Introduction: White matter hyperintensities (WMHs) were commonly seen in brain magnetic resonance imaging (MRI) of the elderly. Many studies found that WMHs were associated with cognitive decline and dementia. However, the association between WMHs in different brain regions and cognitive decline remains debated. Methods: We explored the association of the severity of WMHs and cognitive decline in 115 non-demented elderly (≥50 years old) sampled from the Wuliqiao Community located in urban area of Shanghai. MRI scans were done during 2009–2011 at the beginning of the study. Severity of WMHs in different brain regions was scored by Improved Scheltens Scale and Cholinergic Pathways Hyperintensities Scale (CHIPS).
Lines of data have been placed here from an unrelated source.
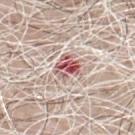notes — no biopsy performed (imaged during a skin exam)
automated metrics — an area of roughly 6.5 mm² and a shape-asymmetry score of about 0.3 (0 = symmetric); a border-irregularity rating of about 3.5/10, a within-lesion color-variation index near 10/10, and peripheral color asymmetry of about 5; a nevus-likeness score of about 0/100 and a detector confidence of about 80 out of 100 that the crop contains a lesion
lesion diameter — ~3 mm (longest diameter)
acquisition — ~15 mm crop, total-body skin-cancer survey
body site — the chest
patient — male, in their 70s
tile lighting — white-light illumination

Cognitive function was evaluated by Mini-Mental State Examination (MMSE) every 2 to 4 years during 2009–2018. Results: After adjusting for confounding factors including age, gender, education level, smoking status, alcohol consumption, depression, hypertension, diabetes, hyperlipidemia, brain infarcts, brain atrophy, apoE4 status, and baseline MMSE score, periventricular and subcortical WMH lesions as well as WMHs in cholinergic pathways were significantly associated with annual MMSE decline ( p < 0.05), in which the severity of periventricular WMHs predicted a faster MMSE decline (–0.187 points/year, 95% confidence interval: –0.349, –0.026, p = 0.024). Conclusions: The severity of WMHs at baseline was associated with cognitive decline in the non-demented elderly over time. Interventions on WMH lesions may offer some benefits for cognitive deterioration.